Stroke is a leading cause of death. Stroke care is limited by the availability of specialized medical professionals. In this post, we describe a physician-led stroke unit model established at Baptist Christian Hospital (BCH) in Assam, India. Enabled with qER, Qure’s AI driven automated CT Brain interpretation tool, BCH can quickly and easily determine next steps in terms of treatment and examine the implications for clinical outcomes.

qER at a Stroke unit

Across the world, Stroke is a leading cause of death, second only to ischemic heart disease. According to the the World Stroke Organization (WSO), 13.7 million new strokes occur each year and there are about 80 million stroke survivors globally.
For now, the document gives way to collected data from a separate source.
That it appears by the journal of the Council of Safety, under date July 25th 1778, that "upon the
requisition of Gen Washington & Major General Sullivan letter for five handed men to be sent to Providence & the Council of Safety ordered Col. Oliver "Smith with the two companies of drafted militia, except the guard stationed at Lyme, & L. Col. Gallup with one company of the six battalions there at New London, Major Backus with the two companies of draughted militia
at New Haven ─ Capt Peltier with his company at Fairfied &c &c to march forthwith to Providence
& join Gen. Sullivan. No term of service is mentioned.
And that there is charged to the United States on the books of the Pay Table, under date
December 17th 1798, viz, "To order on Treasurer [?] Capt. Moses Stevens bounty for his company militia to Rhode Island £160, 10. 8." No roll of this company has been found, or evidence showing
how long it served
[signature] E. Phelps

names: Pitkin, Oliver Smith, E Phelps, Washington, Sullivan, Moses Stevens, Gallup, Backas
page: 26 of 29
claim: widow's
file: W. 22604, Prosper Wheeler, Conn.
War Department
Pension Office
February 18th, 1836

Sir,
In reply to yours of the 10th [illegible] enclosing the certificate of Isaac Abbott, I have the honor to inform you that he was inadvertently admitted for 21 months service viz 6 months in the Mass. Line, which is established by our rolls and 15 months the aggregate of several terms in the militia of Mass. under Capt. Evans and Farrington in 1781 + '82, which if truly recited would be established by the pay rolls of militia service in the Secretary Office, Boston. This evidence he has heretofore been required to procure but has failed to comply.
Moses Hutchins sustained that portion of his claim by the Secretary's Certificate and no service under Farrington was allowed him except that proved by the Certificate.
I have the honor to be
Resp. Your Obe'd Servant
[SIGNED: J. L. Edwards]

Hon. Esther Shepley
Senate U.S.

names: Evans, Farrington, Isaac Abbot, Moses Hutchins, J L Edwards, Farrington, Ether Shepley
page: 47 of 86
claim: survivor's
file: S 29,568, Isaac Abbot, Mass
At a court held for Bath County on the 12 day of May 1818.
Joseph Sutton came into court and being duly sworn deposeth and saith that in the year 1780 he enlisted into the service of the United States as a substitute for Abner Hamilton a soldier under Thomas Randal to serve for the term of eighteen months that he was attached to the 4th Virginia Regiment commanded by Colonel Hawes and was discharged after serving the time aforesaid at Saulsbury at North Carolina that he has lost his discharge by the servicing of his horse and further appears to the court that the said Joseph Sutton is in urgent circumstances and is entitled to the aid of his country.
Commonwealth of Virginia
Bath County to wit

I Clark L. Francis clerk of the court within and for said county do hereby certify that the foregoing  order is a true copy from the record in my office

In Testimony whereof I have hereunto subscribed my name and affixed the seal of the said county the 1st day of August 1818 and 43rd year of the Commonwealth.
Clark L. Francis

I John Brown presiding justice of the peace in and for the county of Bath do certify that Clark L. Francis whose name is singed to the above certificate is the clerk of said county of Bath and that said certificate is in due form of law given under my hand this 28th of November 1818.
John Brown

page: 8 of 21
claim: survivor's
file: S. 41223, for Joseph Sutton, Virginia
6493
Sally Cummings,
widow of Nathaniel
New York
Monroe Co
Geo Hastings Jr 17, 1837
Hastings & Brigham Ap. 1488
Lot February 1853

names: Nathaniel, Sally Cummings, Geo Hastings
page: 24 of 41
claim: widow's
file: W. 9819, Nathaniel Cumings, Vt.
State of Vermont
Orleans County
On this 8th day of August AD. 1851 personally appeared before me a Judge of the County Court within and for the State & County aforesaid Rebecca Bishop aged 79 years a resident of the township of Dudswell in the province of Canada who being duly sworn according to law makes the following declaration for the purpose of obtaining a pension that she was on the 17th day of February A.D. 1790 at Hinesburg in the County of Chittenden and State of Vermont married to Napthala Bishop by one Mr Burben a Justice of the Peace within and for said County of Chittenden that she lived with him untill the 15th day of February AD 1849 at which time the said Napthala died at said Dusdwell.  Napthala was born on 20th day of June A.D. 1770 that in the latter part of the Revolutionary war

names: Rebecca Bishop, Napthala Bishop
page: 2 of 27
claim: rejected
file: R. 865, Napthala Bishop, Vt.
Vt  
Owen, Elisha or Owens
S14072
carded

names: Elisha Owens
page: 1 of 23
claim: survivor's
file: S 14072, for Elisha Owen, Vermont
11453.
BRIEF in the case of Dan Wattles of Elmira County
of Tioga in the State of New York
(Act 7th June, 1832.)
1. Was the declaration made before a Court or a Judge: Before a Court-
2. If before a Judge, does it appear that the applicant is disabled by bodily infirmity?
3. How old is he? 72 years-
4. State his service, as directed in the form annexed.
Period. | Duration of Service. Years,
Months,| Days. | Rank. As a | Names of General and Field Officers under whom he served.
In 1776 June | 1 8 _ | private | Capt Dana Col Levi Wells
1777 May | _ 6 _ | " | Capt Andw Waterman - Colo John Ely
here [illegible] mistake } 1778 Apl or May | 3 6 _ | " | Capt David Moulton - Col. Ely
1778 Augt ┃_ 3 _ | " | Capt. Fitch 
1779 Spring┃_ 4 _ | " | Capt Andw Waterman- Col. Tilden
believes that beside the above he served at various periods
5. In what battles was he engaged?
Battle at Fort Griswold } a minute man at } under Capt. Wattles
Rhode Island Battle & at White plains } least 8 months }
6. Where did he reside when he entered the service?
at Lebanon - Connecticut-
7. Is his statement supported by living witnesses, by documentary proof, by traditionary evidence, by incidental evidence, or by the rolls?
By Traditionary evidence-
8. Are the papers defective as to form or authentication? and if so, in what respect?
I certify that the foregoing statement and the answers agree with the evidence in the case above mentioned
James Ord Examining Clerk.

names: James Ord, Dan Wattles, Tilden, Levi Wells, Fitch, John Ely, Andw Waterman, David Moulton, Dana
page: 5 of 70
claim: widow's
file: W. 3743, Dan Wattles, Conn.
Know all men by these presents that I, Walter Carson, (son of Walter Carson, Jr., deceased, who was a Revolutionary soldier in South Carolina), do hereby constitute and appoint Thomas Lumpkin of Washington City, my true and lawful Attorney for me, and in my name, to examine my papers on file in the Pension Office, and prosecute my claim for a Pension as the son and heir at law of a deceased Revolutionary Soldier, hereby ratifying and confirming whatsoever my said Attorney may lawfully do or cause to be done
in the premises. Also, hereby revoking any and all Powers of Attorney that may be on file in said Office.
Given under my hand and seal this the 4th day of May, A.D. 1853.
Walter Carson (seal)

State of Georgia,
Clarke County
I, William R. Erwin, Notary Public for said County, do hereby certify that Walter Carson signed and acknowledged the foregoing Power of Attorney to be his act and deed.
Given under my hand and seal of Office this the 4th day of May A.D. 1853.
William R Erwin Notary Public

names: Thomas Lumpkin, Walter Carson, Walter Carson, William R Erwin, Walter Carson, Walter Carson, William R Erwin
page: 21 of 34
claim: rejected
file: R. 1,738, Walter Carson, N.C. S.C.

In India as per the Health of the Nation’s State Report we see an incidence rate of 119 to 152/100000, and has a case fatality rate of 19 to 42% across the country.

Catering to tea plantation workers in and around the town of Tezpur, the Baptist Christian Hospital, Tezpur (BCH) is a 130-bed secondary care hospital in the North eastern state of Assam in India. This hospital is a unit of the Emmanuel Hospital Association, New Delhi. From humble beginnings, offering basic dispensary services, the hospital grew to become one of the best healthcare providers in Assam, being heavily involved in academic and research work at both national and international levels.

Nestled below the Himalayas, interspersed with large tea plantations, Assamese indigenous population and tea garden workers showcase a prevalence of hypertension, the largest single risk factor of stroke, reportedly between 33% to 60.8%. Anecdotal reports and hospital-based studies indicate a huge burden of stroke in Assam – a significant portion of which is addressed by Baptist Hospital. Recent study showed that hemorrhagic strokes account for close to 50% of the cases here, compared to only about 20% of the strokes in the rest of India.

Baptist Christian Hospital

Baptist Christian Hospital, Tezpur. Source

Challenges in Stroke Care

One of the biggest obstacles in Stroke Care is the lack of awareness of stroke symptoms and the late arrival of the patient, often at smaller peripheral hospitals, which are not equipped with the necessary scanning facilities and the specialists, leading to a delay in effective treatment.

The doctors and nurses of the Stroke Unit at BCH, Tezpur were trained online by specialist neurologists, who in turn trained the rest of the team on a protocol that included Stroke Clinical Assessment, monitoring of risk factors and vital parameters, and other supportive measures like management of Swallow assessment in addition to starting the rehabilitation process and advising on long term care at home. A study done at Tezpur indicated that post establishment of Stroke Unit, there was significant improvement in the quality of life along with reduction in deaths compared to the pre-Stroke Unit phase.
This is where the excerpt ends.